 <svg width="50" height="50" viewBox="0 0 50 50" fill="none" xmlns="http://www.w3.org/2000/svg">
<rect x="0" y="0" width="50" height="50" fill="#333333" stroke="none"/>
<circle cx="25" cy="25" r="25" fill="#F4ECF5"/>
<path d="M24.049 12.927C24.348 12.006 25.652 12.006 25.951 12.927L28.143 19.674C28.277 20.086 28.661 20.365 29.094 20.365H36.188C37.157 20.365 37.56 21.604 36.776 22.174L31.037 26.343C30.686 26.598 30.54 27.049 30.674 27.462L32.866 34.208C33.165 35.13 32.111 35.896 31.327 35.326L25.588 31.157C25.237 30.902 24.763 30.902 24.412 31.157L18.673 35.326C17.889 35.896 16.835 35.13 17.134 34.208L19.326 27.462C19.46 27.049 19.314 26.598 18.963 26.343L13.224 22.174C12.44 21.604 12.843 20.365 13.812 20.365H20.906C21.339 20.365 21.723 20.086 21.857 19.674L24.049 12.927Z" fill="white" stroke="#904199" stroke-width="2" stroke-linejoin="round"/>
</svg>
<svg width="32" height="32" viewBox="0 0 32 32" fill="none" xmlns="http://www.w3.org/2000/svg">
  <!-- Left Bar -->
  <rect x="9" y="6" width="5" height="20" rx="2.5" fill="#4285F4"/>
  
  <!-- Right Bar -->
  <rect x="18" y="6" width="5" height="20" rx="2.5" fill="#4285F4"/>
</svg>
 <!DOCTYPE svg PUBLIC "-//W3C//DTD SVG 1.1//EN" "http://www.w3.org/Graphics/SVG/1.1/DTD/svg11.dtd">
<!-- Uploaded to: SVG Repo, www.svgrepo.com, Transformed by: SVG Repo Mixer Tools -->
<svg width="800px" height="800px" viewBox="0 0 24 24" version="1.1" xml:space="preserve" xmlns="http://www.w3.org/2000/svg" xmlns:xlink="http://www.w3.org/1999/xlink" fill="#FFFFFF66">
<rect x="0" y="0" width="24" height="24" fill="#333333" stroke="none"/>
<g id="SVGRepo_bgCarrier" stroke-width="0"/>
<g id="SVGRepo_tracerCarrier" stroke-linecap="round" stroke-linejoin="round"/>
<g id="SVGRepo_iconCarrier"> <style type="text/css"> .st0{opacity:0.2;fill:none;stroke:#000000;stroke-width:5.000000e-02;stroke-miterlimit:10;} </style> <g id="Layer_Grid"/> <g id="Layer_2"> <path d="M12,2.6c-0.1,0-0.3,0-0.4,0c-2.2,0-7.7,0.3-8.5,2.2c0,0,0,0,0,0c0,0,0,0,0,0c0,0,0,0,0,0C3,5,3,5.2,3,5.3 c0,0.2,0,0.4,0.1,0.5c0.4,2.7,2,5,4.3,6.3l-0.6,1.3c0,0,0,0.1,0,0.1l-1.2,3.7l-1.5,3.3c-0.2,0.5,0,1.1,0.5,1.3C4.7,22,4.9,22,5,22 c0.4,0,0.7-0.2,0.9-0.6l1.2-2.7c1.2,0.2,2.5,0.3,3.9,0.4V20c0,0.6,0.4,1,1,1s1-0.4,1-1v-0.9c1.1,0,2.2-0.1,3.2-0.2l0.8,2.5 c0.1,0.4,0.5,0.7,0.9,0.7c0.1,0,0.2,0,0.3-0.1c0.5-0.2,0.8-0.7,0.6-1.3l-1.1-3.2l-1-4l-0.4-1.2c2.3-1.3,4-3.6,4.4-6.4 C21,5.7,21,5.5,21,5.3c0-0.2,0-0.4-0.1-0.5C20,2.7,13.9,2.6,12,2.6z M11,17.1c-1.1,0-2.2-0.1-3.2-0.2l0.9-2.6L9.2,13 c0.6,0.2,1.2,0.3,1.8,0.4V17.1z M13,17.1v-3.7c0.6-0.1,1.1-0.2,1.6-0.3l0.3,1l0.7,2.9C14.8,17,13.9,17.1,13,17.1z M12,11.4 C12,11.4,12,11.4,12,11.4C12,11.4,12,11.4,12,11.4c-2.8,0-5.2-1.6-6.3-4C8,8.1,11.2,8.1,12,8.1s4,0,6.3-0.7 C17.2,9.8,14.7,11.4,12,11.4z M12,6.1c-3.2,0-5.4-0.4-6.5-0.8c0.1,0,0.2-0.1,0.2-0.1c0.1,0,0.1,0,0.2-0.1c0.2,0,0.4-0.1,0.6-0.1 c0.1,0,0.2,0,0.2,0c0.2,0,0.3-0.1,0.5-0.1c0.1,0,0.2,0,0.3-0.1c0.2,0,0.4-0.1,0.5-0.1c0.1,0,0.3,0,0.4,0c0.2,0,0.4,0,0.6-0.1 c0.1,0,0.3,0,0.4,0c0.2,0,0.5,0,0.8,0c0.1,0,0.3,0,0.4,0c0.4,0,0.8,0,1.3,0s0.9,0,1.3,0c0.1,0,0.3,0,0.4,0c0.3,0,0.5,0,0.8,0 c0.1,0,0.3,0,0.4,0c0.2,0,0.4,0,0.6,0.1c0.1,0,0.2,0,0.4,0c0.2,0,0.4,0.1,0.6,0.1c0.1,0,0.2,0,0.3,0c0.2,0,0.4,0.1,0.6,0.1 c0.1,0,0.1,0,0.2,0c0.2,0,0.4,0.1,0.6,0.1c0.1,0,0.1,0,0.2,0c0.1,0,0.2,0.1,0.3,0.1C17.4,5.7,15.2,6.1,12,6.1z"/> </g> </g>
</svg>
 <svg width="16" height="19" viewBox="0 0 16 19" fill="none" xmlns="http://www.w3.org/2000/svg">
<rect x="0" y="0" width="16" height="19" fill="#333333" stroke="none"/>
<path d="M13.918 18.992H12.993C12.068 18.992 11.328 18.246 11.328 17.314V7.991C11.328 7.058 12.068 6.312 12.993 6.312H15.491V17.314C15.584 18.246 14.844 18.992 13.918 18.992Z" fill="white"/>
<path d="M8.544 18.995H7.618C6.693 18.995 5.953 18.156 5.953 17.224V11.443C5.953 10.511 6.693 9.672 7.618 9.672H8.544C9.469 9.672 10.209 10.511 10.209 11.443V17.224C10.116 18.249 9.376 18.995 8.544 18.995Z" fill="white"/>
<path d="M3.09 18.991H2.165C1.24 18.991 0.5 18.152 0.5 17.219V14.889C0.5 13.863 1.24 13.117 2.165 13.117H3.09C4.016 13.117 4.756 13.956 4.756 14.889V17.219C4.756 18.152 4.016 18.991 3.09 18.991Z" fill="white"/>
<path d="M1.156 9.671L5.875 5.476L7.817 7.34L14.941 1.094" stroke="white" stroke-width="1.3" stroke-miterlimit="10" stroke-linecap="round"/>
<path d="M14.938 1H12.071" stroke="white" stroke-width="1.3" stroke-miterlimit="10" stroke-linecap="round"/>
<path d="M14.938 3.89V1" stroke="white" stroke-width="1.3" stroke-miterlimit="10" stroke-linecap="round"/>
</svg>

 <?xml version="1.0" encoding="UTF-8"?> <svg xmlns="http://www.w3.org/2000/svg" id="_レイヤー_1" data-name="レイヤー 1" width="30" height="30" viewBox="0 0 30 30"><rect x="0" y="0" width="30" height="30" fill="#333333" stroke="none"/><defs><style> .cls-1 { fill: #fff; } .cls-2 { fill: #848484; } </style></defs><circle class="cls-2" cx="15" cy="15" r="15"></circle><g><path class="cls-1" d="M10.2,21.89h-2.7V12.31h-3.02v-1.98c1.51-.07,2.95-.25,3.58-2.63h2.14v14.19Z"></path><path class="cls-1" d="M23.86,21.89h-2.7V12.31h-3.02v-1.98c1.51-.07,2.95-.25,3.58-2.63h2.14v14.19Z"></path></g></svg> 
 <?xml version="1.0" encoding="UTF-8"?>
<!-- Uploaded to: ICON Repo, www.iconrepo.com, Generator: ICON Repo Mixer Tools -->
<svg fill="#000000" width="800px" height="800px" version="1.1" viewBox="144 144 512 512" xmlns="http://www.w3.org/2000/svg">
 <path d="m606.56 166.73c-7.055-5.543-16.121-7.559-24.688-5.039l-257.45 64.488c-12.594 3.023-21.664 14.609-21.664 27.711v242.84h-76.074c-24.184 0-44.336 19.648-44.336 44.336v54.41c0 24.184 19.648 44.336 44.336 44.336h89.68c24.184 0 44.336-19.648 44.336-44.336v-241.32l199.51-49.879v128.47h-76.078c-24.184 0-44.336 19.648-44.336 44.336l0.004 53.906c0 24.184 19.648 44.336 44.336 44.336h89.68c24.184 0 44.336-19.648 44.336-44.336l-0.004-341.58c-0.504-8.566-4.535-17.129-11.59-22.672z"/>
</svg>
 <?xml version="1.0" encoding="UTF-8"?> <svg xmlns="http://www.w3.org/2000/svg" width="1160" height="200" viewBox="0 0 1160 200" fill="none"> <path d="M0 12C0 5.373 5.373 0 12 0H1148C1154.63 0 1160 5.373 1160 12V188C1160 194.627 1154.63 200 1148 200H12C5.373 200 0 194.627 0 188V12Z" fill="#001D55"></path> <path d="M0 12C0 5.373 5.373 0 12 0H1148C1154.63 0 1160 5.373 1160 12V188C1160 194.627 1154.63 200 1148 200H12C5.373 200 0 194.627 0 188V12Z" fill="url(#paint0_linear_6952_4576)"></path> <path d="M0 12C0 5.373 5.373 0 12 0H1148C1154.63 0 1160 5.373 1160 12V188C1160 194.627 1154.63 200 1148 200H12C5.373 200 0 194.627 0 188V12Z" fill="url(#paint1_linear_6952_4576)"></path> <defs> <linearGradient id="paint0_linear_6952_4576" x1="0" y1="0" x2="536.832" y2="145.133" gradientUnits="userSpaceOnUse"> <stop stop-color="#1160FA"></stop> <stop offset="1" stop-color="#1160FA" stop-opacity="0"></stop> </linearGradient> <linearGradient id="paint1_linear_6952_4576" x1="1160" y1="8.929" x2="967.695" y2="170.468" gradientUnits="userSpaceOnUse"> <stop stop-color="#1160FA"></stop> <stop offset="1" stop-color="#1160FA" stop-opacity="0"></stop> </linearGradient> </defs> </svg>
________________________________________
• Description of the task:
List every line above that holds the word "rect".

• The completed task:
<rect x="0" y="0" width="50" height="50" fill="#333333" stroke="none"/>
  <rect x="9" y="6" width="5" height="20" rx="2.5" fill="#4285F4"/>
  <rect x="18" y="6" width="5" height="20" rx="2.5" fill="#4285F4"/>
<rect x="0" y="0" width="24" height="24" fill="#333333" stroke="none"/>
<rect x="0" y="0" width="16" height="19" fill="#333333" stroke="none"/>
 <?xml version="1.0" encoding="UTF-8"?> <svg xmlns="http://www.w3.org/2000/svg" id="_レイヤー_1" data-name="レイヤー 1" width="30" height="30" viewBox="0 0 30 30"><rect x="0" y="0" width="30" height="30" fill="#333333" stroke="none"/><defs><style> .cls-1 { fill: #fff; } .cls-2 { fill: #848484; } </style></defs><circle class="cls-2" cx="15" cy="15" r="15"></circle><g><path class="cls-1" d="M10.2,21.89h-2.7V12.31h-3.02v-1.98c1.51-.07,2.95-.25,3.58-2.63h2.14v14.19Z"></path><path class="cls-1" d="M23.86,21.89h-2.7V12.31h-3.02v-1.98c1.51-.07,2.95-.25,3.58-2.63h2.14v14.19Z"></path></g></svg> 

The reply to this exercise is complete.